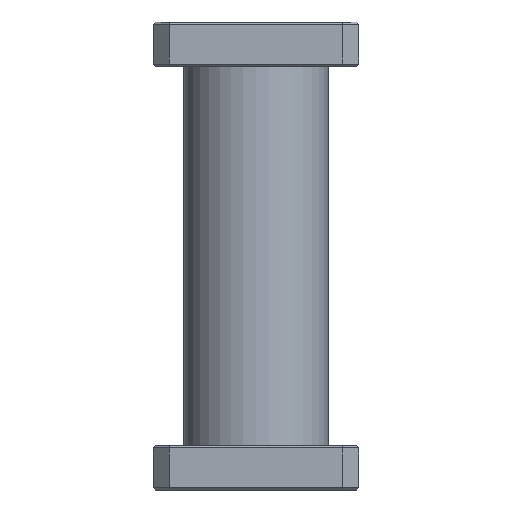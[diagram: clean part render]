
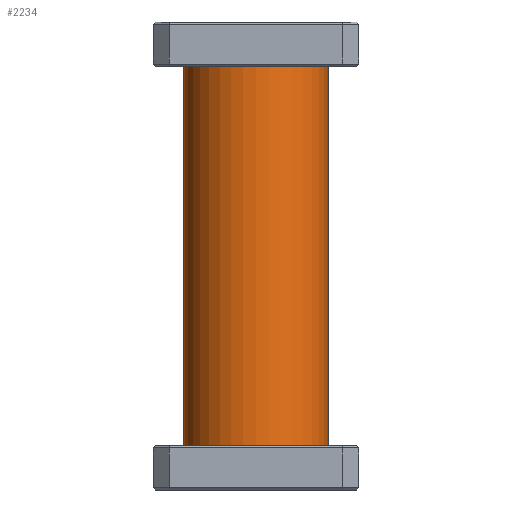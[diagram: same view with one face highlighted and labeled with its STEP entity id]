
A CAD part, front view. The second image highlights one B-rep face of the part: STEP entity #2234.
In plain terms, the highlighted cylindrical face has radius 7.874 mm (diameter 15.748 mm), a partial arc.
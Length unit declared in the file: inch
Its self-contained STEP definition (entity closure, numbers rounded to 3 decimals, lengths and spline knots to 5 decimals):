
#98 = CARTESIAN_POINT ( 'NONE',  ( -0.31, 0., 0.81 ) ) ;
#254 = CARTESIAN_POINT ( 'NONE',  ( -0.31, 0., -0.81 ) ) ;
#360 = LINE ( 'NONE', #254, #475 ) ;
#375 = CARTESIAN_POINT ( 'NONE',  ( 0.31, 0., 0.81 ) ) ;
#396 = VERTEX_POINT ( 'NONE', #482 ) ;
#416 = CIRCLE ( 'NONE', #2291, 0.31 ) ;
#475 = VECTOR ( 'NONE', #2731, 39.37008 ) ;
#482 = CARTESIAN_POINT ( 'NONE',  ( 0.31, 0., -0.81 ) ) ;
#570 = LINE ( 'NONE', #2329, #2760 ) ;
#610 = ORIENTED_EDGE ( 'NONE', *, *, #1002, .F. ) ;
#804 = FACE_OUTER_BOUND ( 'NONE', #1455, .T. ) ;
#827 = VERTEX_POINT ( 'NONE', #958 ) ;
#925 = DIRECTION ( 'NONE',  ( 0., 0., 1. ) ) ;
#958 = CARTESIAN_POINT ( 'NONE',  ( -0.31, 0., -0.81 ) ) ;
#1002 = EDGE_CURVE ( 'NONE', #827, #3036, #360, .T. ) ;
#1060 = DIRECTION ( 'NONE',  ( 1., 0., 0. ) ) ;
#1162 = ORIENTED_EDGE ( 'NONE', *, *, #1563, .T. ) ;
#1307 = DIRECTION ( 'NONE',  ( 0., 0., 1. ) ) ;
#1316 = EDGE_CURVE ( 'NONE', #3036, #2879, #2255, .T. ) ;
#1455 = EDGE_LOOP ( 'NONE', ( #610, #2784, #1162, #2280 ) ) ;
#1461 = CARTESIAN_POINT ( 'NONE',  ( 0., 0., -0.81 ) ) ;
#1563 = EDGE_CURVE ( 'NONE', #396, #2879, #570, .T. ) ;
#1718 = CARTESIAN_POINT ( 'NONE',  ( 0., 0., -0.81 ) ) ;
#1995 = DIRECTION ( 'NONE',  ( 0., 0., 1. ) ) ;
#2234 = ADVANCED_FACE ( 'NONE', ( #804 ), #3017, .T. ) ;
#2255 = CIRCLE ( 'NONE', #2478, 0.31 ) ;
#2280 = ORIENTED_EDGE ( 'NONE', *, *, #1316, .F. ) ;
#2291 = AXIS2_PLACEMENT_3D ( 'NONE', #1718, #1307, #1060 ) ;
#2329 = CARTESIAN_POINT ( 'NONE',  ( 0.31, 0., -0.81 ) ) ;
#2478 = AXIS2_PLACEMENT_3D ( 'NONE', #2835, #3224, #2909 ) ;
#2692 = EDGE_CURVE ( 'NONE', #827, #396, #416, .T. ) ;
#2731 = DIRECTION ( 'NONE',  ( 0., 0., 1. ) ) ;
#2760 = VECTOR ( 'NONE', #1995, 39.37008 ) ;
#2784 = ORIENTED_EDGE ( 'NONE', *, *, #2692, .T. ) ;
#2835 = CARTESIAN_POINT ( 'NONE',  ( 0., 0., 0.81 ) ) ;
#2879 = VERTEX_POINT ( 'NONE', #375 ) ;
#2909 = DIRECTION ( 'NONE',  ( 1., 0., 0. ) ) ;
#3017 = CYLINDRICAL_SURFACE ( 'NONE', #3144, 0.31 ) ;
#3036 = VERTEX_POINT ( 'NONE', #98 ) ;
#3144 = AXIS2_PLACEMENT_3D ( 'NONE', #1461, #925, #3195 ) ;
#3195 = DIRECTION ( 'NONE',  ( 1., 0., 0. ) ) ;
#3224 = DIRECTION ( 'NONE',  ( 0., 0., 1. ) ) ;
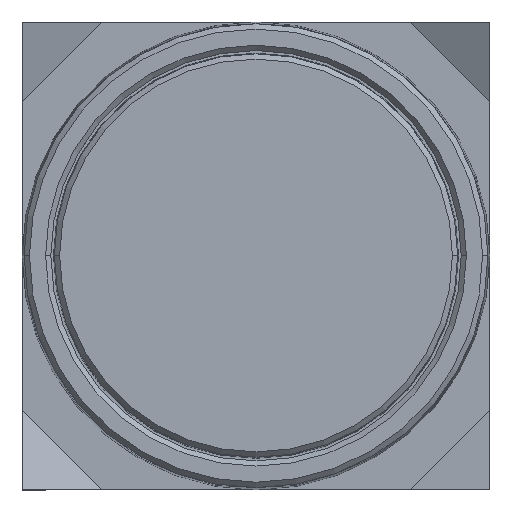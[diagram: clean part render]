
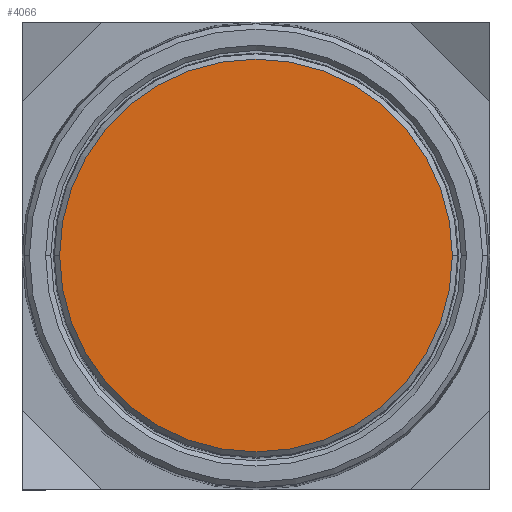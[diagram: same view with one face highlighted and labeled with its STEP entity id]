
A CAD part, top view. The second image highlights one B-rep face of the part: STEP entity #4066.
In plain terms, the highlighted planar face has unit normal (0, 0, 1).
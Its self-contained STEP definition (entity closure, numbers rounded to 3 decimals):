
#14 = CARTESIAN_POINT ( 'NONE',  ( 0., 0., 9.6 ) ) ;
#83 = CARTESIAN_POINT ( 'NONE',  ( 7.513, 0., 9.6 ) ) ;
#119 = DIRECTION ( 'NONE',  ( 0., 0., 1. ) ) ;
#1072 = AXIS2_PLACEMENT_3D ( 'NONE', #14, #1494, #2973 ) ;
#1428 = DIRECTION ( 'NONE',  ( 0., 0., 1. ) ) ;
#1465 = CIRCLE ( 'NONE', #3560, 7.513 ) ;
#1494 = DIRECTION ( 'NONE',  ( 0., 0., 1. ) ) ;
#1515 = EDGE_CURVE ( 'NONE', #4200, #3094, #1465, .T. ) ;
#1583 = ORIENTED_EDGE ( 'NONE', *, *, #3793, .T. ) ;
#1596 = DIRECTION ( 'NONE',  ( -1., 0., 0. ) ) ;
#1791 = FACE_OUTER_BOUND ( 'NONE', #1802, .T. ) ;
#1802 = EDGE_LOOP ( 'NONE', ( #3803, #1583 ) ) ;
#2904 = DIRECTION ( 'NONE',  ( 1., 0., 0. ) ) ;
#2973 = DIRECTION ( 'NONE',  ( -1., 0., 0. ) ) ;
#3094 = VERTEX_POINT ( 'NONE', #83 ) ;
#3155 = CIRCLE ( 'NONE', #1072, 7.513 ) ;
#3271 = PLANE ( 'NONE',  #4247 ) ;
#3449 = CARTESIAN_POINT ( 'NONE',  ( 0., 0., 9.6 ) ) ;
#3560 = AXIS2_PLACEMENT_3D ( 'NONE', #3449, #119, #1596 ) ;
#3793 = EDGE_CURVE ( 'NONE', #3094, #4200, #3155, .T. ) ;
#3803 = ORIENTED_EDGE ( 'NONE', *, *, #1515, .T. ) ;
#4066 = ADVANCED_FACE ( 'NONE', ( #1791 ), #3271, .T. ) ;
#4145 = CARTESIAN_POINT ( 'NONE',  ( -7.513, 0., 9.6 ) ) ;
#4200 = VERTEX_POINT ( 'NONE', #4145 ) ;
#4247 = AXIS2_PLACEMENT_3D ( 'NONE', #4746, #1428, #2904 ) ;
#4746 = CARTESIAN_POINT ( 'NONE',  ( -7.603, -7.603, 9.6 ) ) ;
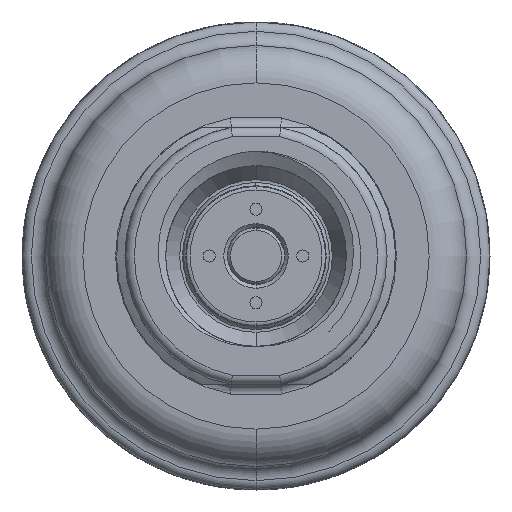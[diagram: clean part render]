
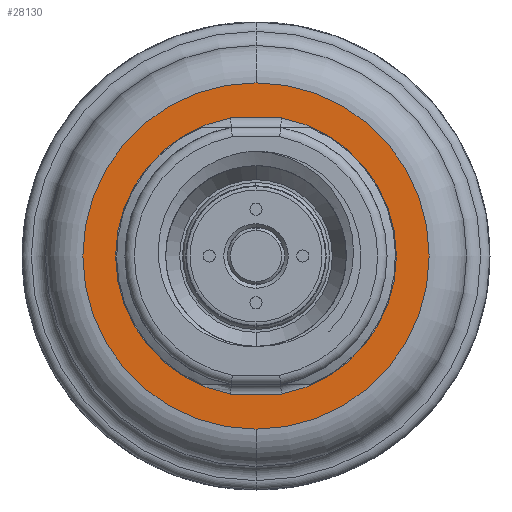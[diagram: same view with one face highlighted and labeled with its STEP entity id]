
A CAD part, front view. The second image highlights one B-rep face of the part: STEP entity #28130.
In plain terms, the highlighted planar face has unit normal (0, -1, 0).
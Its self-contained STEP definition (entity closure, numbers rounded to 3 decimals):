
#3903=CARTESIAN_POINT('',(0.,-3.,0.));
#3904=DIRECTION('',(0.,-1.,0.));
#3905=DIRECTION('',(-0.182,0.,0.983));
#3906=AXIS2_PLACEMENT_3D('',#3903,#3904,#3905);
#3908=DIRECTION('',(1.,0.,0.));
#3909=VECTOR('',#3908,5.454);
#3910=CARTESIAN_POINT('',(-2.727,-3.,-14.75));
#3911=LINE('',#3910,#3909);
#3912=CARTESIAN_POINT('',(0.,-3.,0.));
#3913=DIRECTION('',(0.,-1.,0.));
#3914=DIRECTION('',(0.182,0.,-0.983));
#3915=AXIS2_PLACEMENT_3D('',#3912,#3913,#3914);
#3917=DIRECTION('',(-1.,0.,0.));
#3918=VECTOR('',#3917,5.454);
#3919=CARTESIAN_POINT('',(2.727,-3.,14.75));
#3920=LINE('',#3919,#3918);
#3921=CARTESIAN_POINT('',(0.,-3.,0.));
#3922=DIRECTION('',(0.,-1.,0.));
#3923=DIRECTION('',(0.,0.,-1.));
#3924=AXIS2_PLACEMENT_3D('',#3921,#3922,#3923);
#3926=CARTESIAN_POINT('',(0.,-3.,0.));
#3927=DIRECTION('',(0.,-1.,0.));
#3928=DIRECTION('',(0.,0.,1.));
#3929=AXIS2_PLACEMENT_3D('',#3926,#3927,#3928);
#7103=CARTESIAN_POINT('',(-2.727,-3.,14.75));
#7104=CARTESIAN_POINT('',(-2.727,-3.,-14.75));
#7105=VERTEX_POINT('',#7103);
#7106=VERTEX_POINT('',#7104);
#7111=CARTESIAN_POINT('',(2.727,-3.,-14.75));
#7112=CARTESIAN_POINT('',(2.727,-3.,14.75));
#7113=VERTEX_POINT('',#7111);
#7114=VERTEX_POINT('',#7112);
#7471=CARTESIAN_POINT('',(0.,-3.,-18.5));
#7472=CARTESIAN_POINT('',(0.,-3.,18.5));
#7473=VERTEX_POINT('',#7471);
#7474=VERTEX_POINT('',#7472);
#28111=CARTESIAN_POINT('',(0.,-3.,0.));
#28112=DIRECTION('',(0.,-1.,0.));
#28113=DIRECTION('',(0.,0.,1.));
#28114=AXIS2_PLACEMENT_3D('',#28111,#28112,#28113);
#28115=PLANE('',#28114);
#28117=ORIENTED_EDGE('',*,*,#28116,.F.);
#28119=ORIENTED_EDGE('',*,*,#28118,.F.);
#28120=EDGE_LOOP('',(#28117,#28119));
#28121=FACE_OUTER_BOUND('',#28120,.F.);
#28123=ORIENTED_EDGE('',*,*,#28122,.T.);
#28124=ORIENTED_EDGE('',*,*,#28089,.T.);
#28125=ORIENTED_EDGE('',*,*,#28102,.T.);
#28127=ORIENTED_EDGE('',*,*,#28126,.T.);
#28128=EDGE_LOOP('',(#28123,#28124,#28125,#28127));
#28129=FACE_BOUND('',#28128,.F.);
#28130=ADVANCED_FACE('',(#28121,#28129),#28115,.T.);
#3907=CIRCLE('',#3906,15.);
#3916=CIRCLE('',#3915,15.);
#3925=CIRCLE('',#3924,18.5);
#3930=CIRCLE('',#3929,18.5);
#28089=EDGE_CURVE('',#7106,#7113,#3911,.T.);
#28102=EDGE_CURVE('',#7113,#7114,#3916,.T.);
#28116=EDGE_CURVE('',#7473,#7474,#3925,.T.);
#28118=EDGE_CURVE('',#7474,#7473,#3930,.T.);
#28122=EDGE_CURVE('',#7105,#7106,#3907,.T.);
#28126=EDGE_CURVE('',#7114,#7105,#3920,.T.);
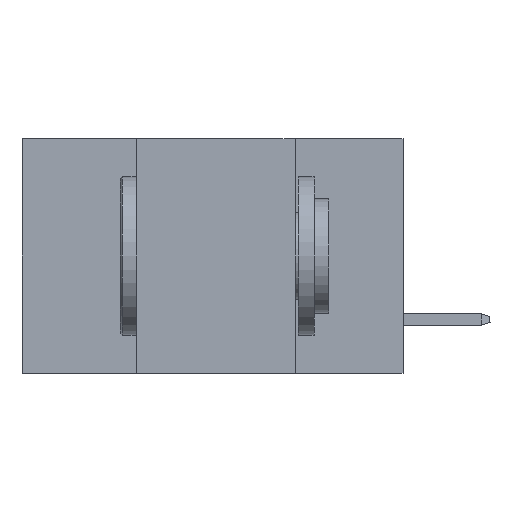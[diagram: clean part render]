
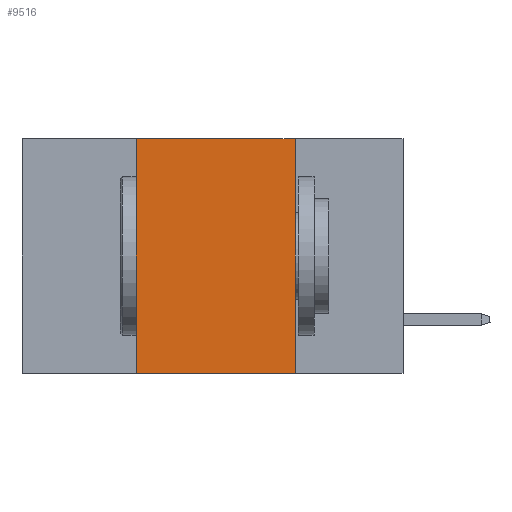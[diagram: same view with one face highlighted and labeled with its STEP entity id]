
A CAD part, left-side view. The second image highlights one B-rep face of the part: STEP entity #9516.
In plain terms, the highlighted planar face has unit normal (-1, 0, 0).
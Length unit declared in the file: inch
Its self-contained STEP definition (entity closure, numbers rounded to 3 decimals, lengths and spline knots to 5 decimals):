
#265 = EDGE_CURVE ( 'NONE', #15749, #15238, #20364, .T. ) ;
#633 = LINE ( 'NONE', #27267, #1881 ) ;
#1797 = VECTOR ( 'NONE', #13876, 39.37008 ) ;
#1881 = VECTOR ( 'NONE', #25071, 39.37008 ) ;
#2088 = EDGE_CURVE ( 'NONE', #15749, #17349, #633, .T. ) ;
#2462 = CARTESIAN_POINT ( 'NONE',  ( 0., 0.6, -0.37 ) ) ;
#3252 = EDGE_LOOP ( 'NONE', ( #28086, #15812, #5465, #18987 ) ) ;
#3347 = CARTESIAN_POINT ( 'NONE',  ( 0., 0.42, -0.37 ) ) ;
#5465 = ORIENTED_EDGE ( 'NONE', *, *, #2088, .F. ) ;
#6909 = LINE ( 'NONE', #13447, #24242 ) ;
#7253 = VECTOR ( 'NONE', #13543, 39.37008 ) ;
#9516 = ADVANCED_FACE ( 'NONE', ( #28133 ), #10292, .F. ) ;
#9814 = CARTESIAN_POINT ( 'NONE',  ( 0., 0.17, 0. ) ) ;
#10292 = PLANE ( 'NONE',  #18773 ) ;
#11034 = VERTEX_POINT ( 'NONE', #28515 ) ;
#13447 = CARTESIAN_POINT ( 'NONE',  ( 0., 0.6, 0. ) ) ;
#13543 = DIRECTION ( 'NONE',  ( 0., -1., 0. ) ) ;
#13876 = DIRECTION ( 'NONE',  ( 0., 0., -1. ) ) ;
#15238 = VERTEX_POINT ( 'NONE', #22452 ) ;
#15600 = DIRECTION ( 'NONE',  ( 0., -1., 0. ) ) ;
#15749 = VERTEX_POINT ( 'NONE', #3347 ) ;
#15812 = ORIENTED_EDGE ( 'NONE', *, *, #26420, .F. ) ;
#16046 = LINE ( 'NONE', #9814, #1797 ) ;
#16507 = EDGE_CURVE ( 'NONE', #11034, #15238, #16046, .T. ) ;
#17223 = CARTESIAN_POINT ( 'NONE',  ( 0., 0.6, 0. ) ) ;
#17349 = VERTEX_POINT ( 'NONE', #20337 ) ;
#18773 = AXIS2_PLACEMENT_3D ( 'NONE', #17223, #23795, #25826 ) ;
#18987 = ORIENTED_EDGE ( 'NONE', *, *, #265, .T. ) ;
#20337 = CARTESIAN_POINT ( 'NONE',  ( 0., 0.42, 0. ) ) ;
#20364 = LINE ( 'NONE', #2462, #7253 ) ;
#22452 = CARTESIAN_POINT ( 'NONE',  ( 0., 0.17, -0.37 ) ) ;
#23795 = DIRECTION ( 'NONE',  ( 1., 0., 0. ) ) ;
#24242 = VECTOR ( 'NONE', #15600, 39.37008 ) ;
#25071 = DIRECTION ( 'NONE',  ( 0., 0., 1. ) ) ;
#25826 = DIRECTION ( 'NONE',  ( 0., 0., -1. ) ) ;
#26420 = EDGE_CURVE ( 'NONE', #17349, #11034, #6909, .T. ) ;
#27267 = CARTESIAN_POINT ( 'NONE',  ( 0., 0.42, 0. ) ) ;
#28086 = ORIENTED_EDGE ( 'NONE', *, *, #16507, .F. ) ;
#28133 = FACE_OUTER_BOUND ( 'NONE', #3252, .T. ) ;
#28515 = CARTESIAN_POINT ( 'NONE',  ( 0., 0.17, 0. ) ) ;
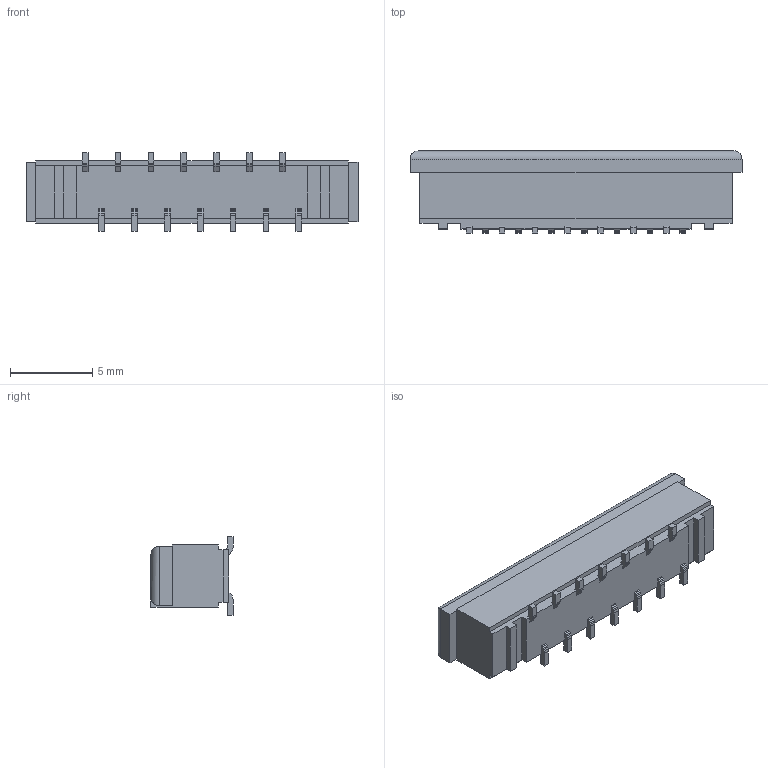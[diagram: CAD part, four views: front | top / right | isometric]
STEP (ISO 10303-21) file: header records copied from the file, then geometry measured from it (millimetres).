
FILE_DESCRIPTION(('STEP AP214'),'1');
FILE_NAME('ffc_fpc_affc10-14-100-svs-t.stp','2015-04-30T10:23:07',('TraceParts'),('TraceParts S.A.'),'XStep 1.0',' ',' ');
FILE_SCHEMA(('automotive_design'));
Length unit declared in the file: millimetre
Products named in the file (1): 1
Bounding box: 20.2 x 5 x 4.8 mm (x, y, z)
Volume: 312.2 mm3; surface area: 512.8 mm2
Topology: 1 solids, 1 shells, 596 faces, 1774 edges, 1180 vertices
Faces by surface type: plane 591, cylinder 5
Entity records: 39170 total; most frequent: CARTESIAN_POINT 3551, STYLED_ITEM 3550, PRESENTATION_STYLE_ASSIGNMENT 3550, COLOUR_RGB 3550, ORIENTED_EDGE 3548, DIRECTION 2974, EDGE_CURVE 1774, CURVE_STYLE 1774

________________________

(What to do) From the records above, print exactly the lines that run from the line with "#28120=EDGE_LOOP('',(#28117,#28119));" to the line with "#28128=EDGE_LOOP('',(#28123,#28124,#28125,#28127));", inclusive.

(Response to the task)
#28120=EDGE_LOOP('',(#28117,#28119));
#28121=FACE_OUTER_BOUND('',#28120,.F.);
#28123=ORIENTED_EDGE('',*,*,#28122,.T.);
#28124=ORIENTED_EDGE('',*,*,#28089,.T.);
#28125=ORIENTED_EDGE('',*,*,#28102,.T.);
#28127=ORIENTED_EDGE('',*,*,#28126,.T.);
#28128=EDGE_LOOP('',(#28123,#28124,#28125,#28127));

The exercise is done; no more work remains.